Depuis quelques années, M. de Sacy s’est retiré forcément de la discussion quotidienne et politique, et il a comblé ses loisirs obligés par les essais littéraires qu’il offre aujourd’hui au public. Sur ce terrain, l’honorable membre de l’Académie française nous semble moins heureux que sur le terrain politique. J’avoue que ce n’est pas sans étonnement et sans chagrin que j’ai lu dans sa préface cette phrase qui, dominant un recueil d’études littéraires, ne peut nous laisser indifférens : « Il y a une foule de livres très bons que tout le monde connaît et avec lesquels je ne ferai jamais connaissance. » Que M. de Sacy, homme du monde et écrivain politique, avoue ses préférences exclusives pour les vieux modèles, je l’admets volontiers, non sans quelque réserve toutefois ; mais que M. de Sacy, après avoir accepté les devoirs de la critique quotidienne, affiche ainsi à l’égard des œuvres modernes un parti-pris d’éloignement, je ne comprends plus ce que je suis tenté d’appeler une inconséquence littéraire. Sur quelles frivolités alors, indignes des honnêtes gens, s’est donc exercé le talent des Villemain, des Sainte-Beuve, des Gustave Planche ? Quoi ! vous passez sous silence toute la littérature du XIXe siècle et ce qui fait sa plus grande gloire, la poésie et le roman ! Quoi ! aucun nom à qui vous puissiez accorder des éloges, même tempérés ? Ni Victor Hugo, ni Alfred de Musset, ni Mme Sand ! Et vous accorderez quinze pages à je ne sais quels morceaux choisis de littérature qui ne sont en définitive que l’œuvre d’un compilateur souvent peu intelligent ! La liste des auteurs vers lesquels vous poussent sans relâche vos instincts classiques est sans doute bien choisie ; pourquoi cependant parmi ces écrivains assez nombreux ne voyons-nous pas le plus grand de tous, Molière ? Je sais pourquoi vous ne l’aimez pas, c’est par la même raison qui vous fait préférer Racine à Corneille, Athalie à Polyeucte. Molière n’est pas consolant, dites-vous ; mais Pascal, un de vos préférés, est-il plus consolant que Molière ? Et pour la fermeté des idées, l’auteur de Tartufe et de Don Juan n’est-il pas à la hauteur du philosophe qui n’eut pas le courage complet de sa philosophie ?

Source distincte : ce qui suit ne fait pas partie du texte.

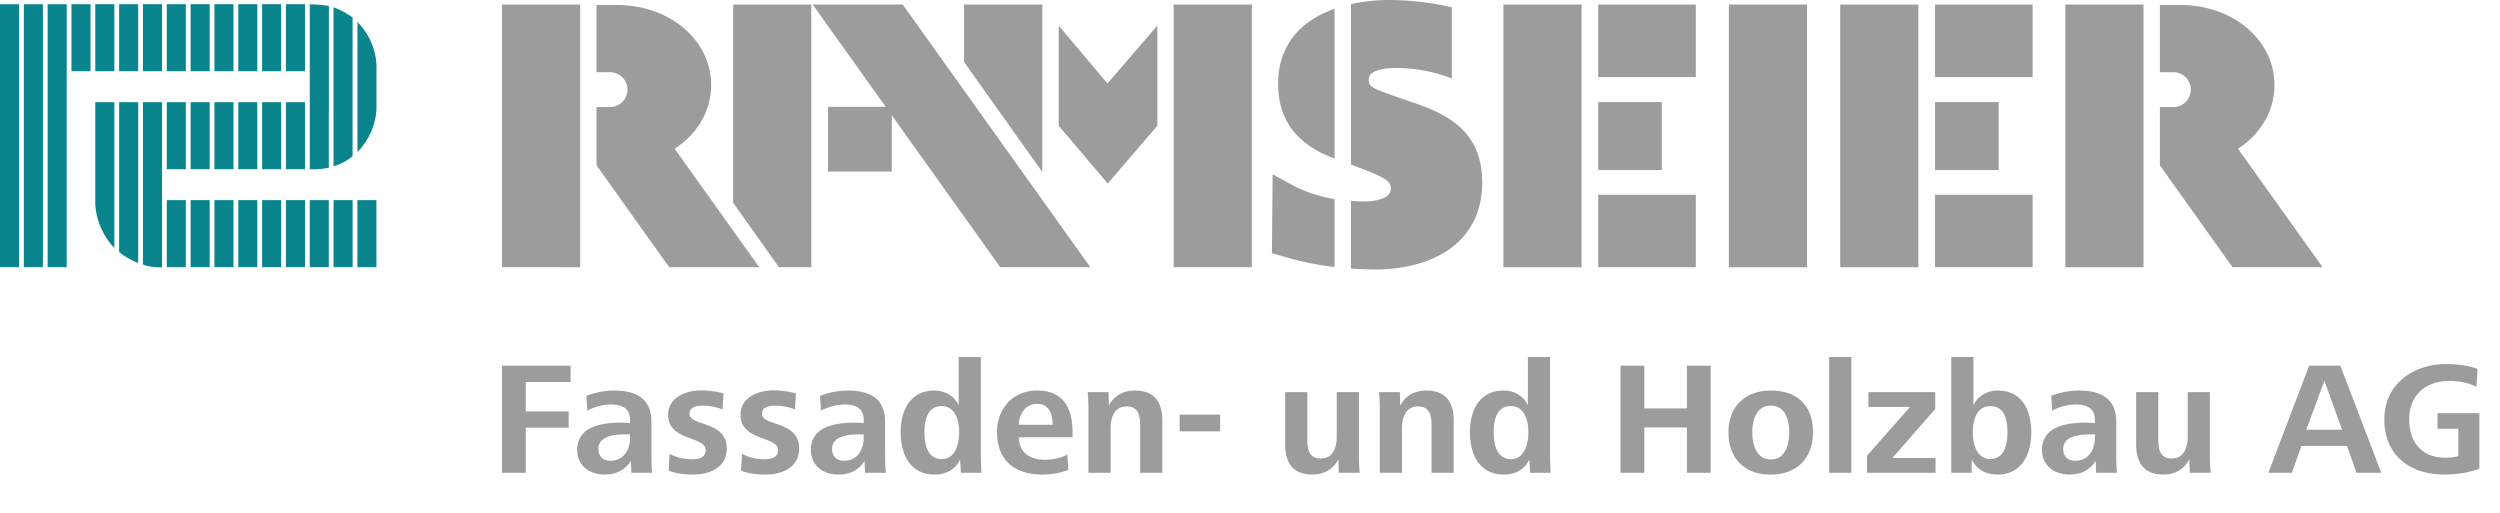 <svg id="Layer_1" data-name="Layer 1" xmlns="http://www.w3.org/2000/svg" width="224" height="46" viewBox="0 0 224 46"><g fill="#9c9c9c"><path d="M44.98 42.362v-9.6h6.145v1.468h-4.016v2.634h3.844v1.454h-3.844v4.044h-2.13zM56.566 42.362l-.042-1.065c-.504.792-1.267 1.223-2.361 1.223-1.323 0-2.446-.777-2.446-2.216 0-1.914 1.842-2.432 3.871-2.432.274 0 .59.014.864.029v-.245c0-1.022-.619-1.41-1.713-1.41-.647 0-1.439.187-2.116.547l-.086-1.324a7.023 7.023 0 012.49-.475c1.943 0 3.34.691 3.34 2.806v2.864c0 .734.014 1.195.071 1.699h-1.871zm-.518-3.44c-1.166 0-2.432.216-2.432 1.295 0 .705.446 1.066 1.066 1.066 1.209 0 1.77-.993 1.77-2.058v-.302h-.403zM59.992 40.663a4.27 4.27 0 001.987.489c.763 0 1.252-.215 1.252-.835 0-1.238-3.368-.792-3.368-3.137 0-1.626 1.656-2.202 2.979-2.202a7.63 7.63 0 011.987.273l-.086 1.44a4.753 4.753 0 00-1.785-.345c-.504 0-1.18.115-1.18.734 0 1.137 3.339.59 3.339 3.095 0 1.741-1.568 2.346-3.022 2.346-.82 0-1.496-.1-2.187-.345l.086-1.511zM66.481 40.663a4.27 4.27 0 001.987.489c.763 0 1.252-.215 1.252-.835 0-1.238-3.368-.792-3.368-3.137 0-1.626 1.656-2.202 2.98-2.202.705 0 1.424.115 1.985.273l-.086 1.44a4.753 4.753 0 00-1.785-.345c-.504 0-1.18.115-1.18.734 0 1.137 3.339.59 3.339 3.095 0 1.741-1.568 2.346-3.022 2.346-.82 0-1.496-.1-2.187-.345l.086-1.511zM77.505 42.362l-.042-1.065c-.504.792-1.267 1.223-2.361 1.223-1.323 0-2.446-.777-2.446-2.216 0-1.914 1.842-2.432 3.871-2.432.274 0 .59.014.864.029v-.245c0-1.022-.619-1.41-1.713-1.41-.647 0-1.439.187-2.116.547l-.086-1.324a7.023 7.023 0 012.49-.475c1.943 0 3.34.691 3.34 2.806v2.864c0 .734.014 1.195.071 1.699h-1.871zm-.518-3.44c-1.165 0-2.432.216-2.432 1.295 0 .705.446 1.066 1.066 1.066 1.209 0 1.77-.993 1.77-2.058v-.302h-.403zM86.097 42.362l-.072-1.18c-.446.921-1.295 1.338-2.288 1.338-2.217 0-3.037-1.857-3.037-3.8 0-1.928.849-3.728 3.022-3.728.921 0 1.814.475 2.173 1.339v-4.347h1.987v8.362c0 .82.014 1.425.057 2.015h-1.842zm-1.713-1.224c1.224 0 1.555-1.41 1.555-2.403 0-1.008-.316-2.346-1.568-2.346-1.311 0-1.541 1.31-1.541 2.346 0 .518.059 1.122.289 1.597.23.461.619.806 1.266.806zM91.278 39.18c.044 1.252.835 2.015 2.375 2.015.705 0 1.483-.187 1.985-.475l.087 1.382c-.576.245-1.511.417-2.303.417-2.663 0-4.088-1.396-4.088-3.8 0-2.144 1.454-3.728 3.584-3.728 2.318 0 3.18 1.525 3.18 3.713v.475h-4.821zm3.037-1.122c0-.907-.288-1.872-1.382-1.872s-1.612.95-1.656 1.872h3.037zM97.523 42.362v-5.613c0-.532-.014-1.079-.071-1.612h1.871l.029 1.209c.474-.921 1.324-1.353 2.346-1.353 1.741 0 2.446 1.036 2.446 2.691v4.678h-1.985v-4.217c0-.863-.129-1.727-1.21-1.727-1.123 0-1.439 1.008-1.439 1.957v3.987h-1.987zM105.697 38.648v-1.497h3.627v1.497h-3.627zM119.959 42.362l-.042-1.209c-.476.921-1.311 1.367-2.333 1.367-1.741 0-2.432-1.065-2.432-2.72v-4.664h1.987v4.217c0 .863.115 1.727 1.195 1.727 1.123 0 1.439-1.008 1.439-1.972v-3.973h1.987v5.599c0 .533.014 1.094.071 1.626h-1.871zM123.629 42.362v-5.613c0-.532-.014-1.079-.071-1.612h1.871l.029 1.209c.474-.921 1.324-1.353 2.346-1.353 1.741 0 2.446 1.036 2.446 2.691v4.678h-1.985v-4.217c0-.863-.129-1.727-1.21-1.727-1.123 0-1.439 1.008-1.439 1.957v3.987h-1.987zM137.1 42.362l-.072-1.18c-.446.921-1.295 1.338-2.288 1.338-2.217 0-3.037-1.857-3.037-3.8 0-1.928.849-3.728 3.022-3.728.921 0 1.814.475 2.173 1.339v-4.347h1.987v8.362c0 .82.014 1.425.057 2.015H137.1zm-1.713-1.224c1.224 0 1.555-1.41 1.555-2.403 0-1.008-.317-2.346-1.568-2.346-1.311 0-1.541 1.31-1.541 2.346 0 .518.059 1.122.289 1.597.23.461.619.806 1.266.806zM145.201 42.362v-9.6h2.13v3.828h3.814v-3.828h2.131v9.6h-2.131v-4.059h-3.814v4.059h-2.13zM154.872 38.72c0-2.36 1.568-3.728 3.785-3.728 2.346 0 3.785 1.324 3.785 3.728 0 2.332-1.425 3.8-3.785 3.8-.59 0-1.123-.086-1.597-.259-1.41-.547-2.188-1.799-2.188-3.541zm3.785 2.447c1.267 0 1.656-1.224 1.656-2.447 0-1.108-.36-2.374-1.656-2.374-1.266 0-1.656 1.281-1.656 2.374 0 .59.116 1.209.36 1.67.274.461.677.777 1.296.777zM163.895 42.362V31.985h1.987v10.377h-1.987zM167.279 42.362v-1.525l3.858-4.375h-3.728v-1.324h5.987v1.511l-3.843 4.39h3.871v1.324h-6.145zM174.833 42.362V31.985h1.987v4.347c.36-.864 1.267-1.339 2.188-1.339 2.187 0 2.994 1.799 2.994 3.728 0 1.943-.822 3.8-3.037 3.8-.993 0-1.842-.417-2.289-1.338l-.029 1.18h-1.814zm3.484-1.238c1.31 0 1.553-1.367 1.553-2.404s-.23-2.331-1.54-2.331c-1.252 0-1.568 1.339-1.568 2.331 0 .504.086 1.108.316 1.583.23.461.619.82 1.239.82zM187.815 42.362l-.042-1.065c-.504.792-1.267 1.223-2.361 1.223-1.323 0-2.446-.777-2.446-2.216 0-1.914 1.842-2.432 3.871-2.432.274 0 .59.014.864.029v-.245c0-1.022-.619-1.41-1.713-1.41-.647 0-1.439.187-2.116.547l-.086-1.324a7.023 7.023 0 012.49-.475c1.943 0 3.34.691 3.34 2.806v2.864c0 .734.014 1.195.071 1.699h-1.871zm-.518-3.44c-1.165 0-2.432.216-2.432 1.295 0 .705.446 1.066 1.066 1.066 1.209 0 1.77-.993 1.77-2.058v-.302h-.403zM196.206 42.362l-.044-1.209c-.474.921-1.31 1.367-2.331 1.367-1.741 0-2.432-1.065-2.432-2.72v-4.664h1.987v4.217c0 .863.115 1.727 1.195 1.727 1.122 0 1.439-1.008 1.439-1.972v-3.973h1.985v5.599c0 .533.015 1.094.072 1.626h-1.871zM203.244 42.362l3.656-9.6h2.792l3.67 9.6h-2.216l-.85-2.404h-4.087l-.864 2.404h-2.101zm3.397-3.857h3.209l-1.583-4.39-1.626 4.39zM218.398 38.418v-1.396h3.756v4.951c-.921.403-2.172.546-3.137.546-3.066 0-5.382-1.698-5.382-4.951 0-3.152 2.604-4.951 5.555-4.951.978 0 1.943.13 2.792.432l-.087 1.612c-.733-.36-1.568-.532-2.417-.532-2.116 0-3.612 1.252-3.612 3.439 0 2.001 1.079 3.44 3.224 3.44.446 0 .849-.043 1.18-.144v-2.447h-1.871z"/></g><g fill="#0a848d"><path id="Rechteck_17" data-name="Rechteck 17" d="M32.02 17.932h1.708v6.007H32.02z"/><path id="Rechteck_18" data-name="Rechteck 18" d="M29.885 17.932h1.708v6.007h-1.708z"/><path id="Rechteck_19" data-name="Rechteck 19" d="M27.751 17.932h1.708v6.007h-1.708z"/><path id="Rechteck_20" data-name="Rechteck 20" d="M25.618 17.932h1.708v6.007h-1.708z"/><path id="Rechteck_21" data-name="Rechteck 21" d="M23.484 17.932h1.706v6.007h-1.706z"/><path id="Rechteck_22" data-name="Rechteck 22" d="M21.349 17.932h1.706v6.007h-1.706z"/><path id="Rechteck_23" data-name="Rechteck 23" d="M19.213 17.932h1.708v6.007h-1.708z"/><path id="Rechteck_24" data-name="Rechteck 24" d="M17.079 17.932h1.708v6.007h-1.708z"/><path id="Rechteck_25" data-name="Rechteck 25" d="M14.943 17.932h1.708v6.007h-1.708z"/><path id="Pfad_2" data-name="Pfad 2" d="M10.247 9.155H8.539v9.123a6.242 6.242 0 001.708 3.943V9.155"/><path id="Pfad_3" data-name="Pfad 3" d="M12.382 9.155h-1.708v13.427c.515.416 1.091.75 1.708.991V9.155"/><path id="Pfad_4" data-name="Pfad 4" d="M14.519 9.155h-1.711v14.553a4.22 4.22 0 001.708.232V9.155"/><path id="Rechteck_28" data-name="Rechteck 28" d="M14.943 9.157h1.708v6.004h-1.708z"/><path id="Rechteck_29" data-name="Rechteck 29" d="M17.079 9.157h1.708v6.004h-1.708z"/><path id="Rechteck_30" data-name="Rechteck 30" d="M19.213 9.157h1.708v6.004h-1.708z"/><path id="Rechteck_31" data-name="Rechteck 31" d="M21.349 9.157h1.706v6.004h-1.706z"/><path id="Rechteck_32" data-name="Rechteck 32" d="M23.484 9.157h1.706v6.004h-1.706z"/><path id="Rechteck_33" data-name="Rechteck 33" d="M25.618 9.157h1.708v6.004h-1.708z"/><path id="Rechteck_34" data-name="Rechteck 34" d="M6.403.376h1.708v6.006H6.403z"/><path id="Rechteck_35" data-name="Rechteck 35" d="M8.539.376h1.708v6.006H8.539z"/><path id="Rechteck_36" data-name="Rechteck 36" d="M10.674.376h1.707v6.006h-1.707z"/><path id="Rechteck_37" data-name="Rechteck 37" d="M12.808.376h1.708v6.006h-1.708z"/><path id="Rechteck_38" data-name="Rechteck 38" d="M14.943.376h1.708v6.006h-1.708z"/><path id="Rechteck_39" data-name="Rechteck 39" d="M17.079.376h1.708v6.006h-1.708z"/><path id="Rechteck_40" data-name="Rechteck 40" d="M19.213.376h1.708v6.006h-1.708z"/><path id="Rechteck_41" data-name="Rechteck 41" d="M21.349.376h1.706v6.006h-1.706z"/><path id="Rechteck_42" data-name="Rechteck 42" d="M23.482.376h1.706v6.006h-1.706z"/><path id="Rechteck_43" data-name="Rechteck 43" d="M25.618.376h1.708v6.006h-1.708z"/><path id="Pfad_5" data-name="Pfad 5" d="M32.021 13.619a5.913 5.913 0 001.711-3.81V5.801a5.895 5.895 0 00-1.705-3.829v11.647"/><path id="Pfad_6" data-name="Pfad 6" d="M29.886 14.895a4.508 4.508 0 001.705-.911V1.569a6.53 6.53 0 00-1.708-.911v14.237"/><path id="Pfad_7" data-name="Pfad 7" d="M27.754 15.16a6.12 6.12 0 001.707-.139L29.469.527a15.62 15.62 0 00-1.714-.146V15.16"/><path id="Rechteck_44" data-name="Rechteck 44" d="M4.269.378h1.708v23.561H4.269z"/><path id="Rechteck_45" data-name="Rechteck 45" d="M2.136.378h1.708v23.561H2.136z"/><path id="Rechteck_46" data-name="Rechteck 46" d="M0 .378h1.708v23.561H0z"/></g><path d="M60.45 13.33c2-1.301 3.269-3.354 3.269-5.708 0-4.024-3.707-7.175-8.439-7.175h-1.829v6.025h1.324a1.56 1.56 0 011.447 1.555c0 .236-.056.458-.149.659a1.558 1.558 0 01-1.413.907h-1.208v5.223l6.51 9.127h8.069l-7.58-10.613z" fill="#9c9c9c"/><path fill="#9c9c9c" d="M72.694 23.943V.408H65.69V18.17l4.105 5.773h2.899zM93.388.408h-7.004v5.15l7.004 9.851V.408z"/><g fill="#9c9c9c"><path d="M116.53 2.575c-1.319 1.256-1.996 2.891-2.011 4.862-.031 4.217 2.761 5.901 5.057 6.775V.785c-1.093.386-2.165.951-3.046 1.79zM115.984 16.684l-1.959-1.065-.06 7.062 1.102.32c1.432.431 2.925.737 4.509.926v-6.091a12.472 12.472 0 01-3.592-1.151zM126.783 9.245l-2.098-.726c-1.78-.622-2.048-.799-2.043-1.352.002-.309.114-.455.212-.548.379-.361 1.281-.556 2.481-.526a13.69 13.69 0 014.751.943V.652a26.256 26.256 0 00-5.183-.648 16.787 16.787 0 00-3.855.361v14.383l.353.128c2.678.995 3.219 1.331 3.214 2-.002.267-.077.456-.244.615-.387.368-1.293.586-2.355.559a19.664 19.664 0 01-.967-.046v6.06c.55.039 1.109.068 1.684.081.132.003.262.004.392.004 3.191 0 5.862-.876 7.552-2.484 1.394-1.327 2.11-3.094 2.125-5.251.035-4.642-3.085-6.133-6.018-7.169z"/></g><path fill="#9c9c9c" d="M44.98.408h7.004v23.536H44.98zM105.159.407h7.004v23.536h-7.004zM134.703.408h7.004v23.536h-7.004zM154.908.408h7.004v23.536h-7.004zM143.201.408h8.744v6.495h-8.744zM143.201 17.448h8.744v6.495h-8.744zM97.695 23.943L80.885.408h-8.069l6.542 9.16h-5.164v5.809h5.711v-5.043l9.72 13.609h8.07zM143.205 9.144h5.695v6.092h-5.695zM103.697 11.267l-4.444 5.175-4.393-5.175V2.3l4.372 5.175 4.465-5.175v8.967zM200.523 13.33c2-1.301 3.269-3.354 3.269-5.708 0-4.024-3.707-7.175-8.439-7.175h-1.829v6.025h1.324a1.56 1.56 0 011.447 1.555c0 .236-.056.458-.149.659a1.558 1.558 0 01-1.413.907h-1.208v5.223l6.51 9.127h8.069l-7.58-10.613zM185.053.408h7.004v23.536h-7.004zM164.882.408h7.004v23.536h-7.004zM173.38.408h8.744v6.495h-8.744zM173.38 17.448h8.744v6.495h-8.744zM173.383 9.144h5.695v6.092h-5.695z"/></svg>

Le système exclusif adopté par M. de Sacy dépouille ses études littéraires de ce qui devrait en constituer le principal intérêt, l’opportunité. Procéder ainsi, n’est-ce pas condamner en littérature les doctrines qu’on soutient en politique, et trop oublier que le progrès est parallèle dans toutes les manifestations de l’intelligence humaine ? Chaque époque apporte avec elle de nouveaux élémens qui transforment certains côtés de l’art, et donnent aux nouvelles faces de la pensée une raison d’être logique et supérieure à toute critique. Pour ne citer qu’un écrivain sur le mérite duquel par exemple tout le monde est d’accord, est-ce que Théodore Hoffmann ne représente pas une imagination entièrement indépendante de la tradition ? Et sans parler d’artistes souverains et entièrement créateurs, n’y a-t-il pas des esprits secondaires sur lesquels il n’est pas permis de passer dédaigneusement, sinon parce que leurs œuvres ont un mérite intrinsèque dont il faut absolument tenir compte, du moins parce qu’elles représentent, à leur insu même, les tendances de leur époque, et qu’elles reflètent en tout ou en partie les dispositions de l’esprit public ?

Voici par exemple un roman de M. Ernest Feydeau[2] où le style et la composition ne me paraissent pas irréprochables, mais qui n’est pas indigne de louange à une époque où la production littéraire est si mince. Il y a d’abord dans ce livre une sobriété d’action et de personnages un peu étudiée peut-être, et qui fait un heureux contraste avec ces récits où sont prodigués les accessoires et les comparses. C’est une scène de la vie réelle, que l’auteur a tâché d’abstraire le plus possible de la réalité en lui imprimant ce cachet de généralité que Benjamin Constant a, par le même procédé, donné à Adolphe. Séparé de l’éloquente interprétation de Gustave Planche, Adolphe, à son origine, eut besoin, pour réussir, de répondre à cette disposition intime des esprits qui avait fait le succès de Werther, et qui, en s’élevant de plus en plus vers la pure contemplation, devait faire quelques années après le succès des premières Méditations. Pour moi, le meilleur et le plus complet de ces écrits qui analysent le tempérament moral de toute une époque est un livre qu’on ne cite guère aujourd’hui, bien qu’il soit suffisamment connu, la Confession d’un Enfant du siècle. La difficile intelligence de ce livre, plus moral et plus profond que tous les aphorismes de Vauvenargues et de Pascal, paraît réservée à un petit nombre d’adeptes qui savent creuser la lettre et trouver, sous des détails en apparence exclusifs et singuliers, toutes les variations, toutes les défaillances, tous les combats de cette personnalité morale, particulière à notre siècle, dont Alfred de Musset fut par lui-même le type le plus réel.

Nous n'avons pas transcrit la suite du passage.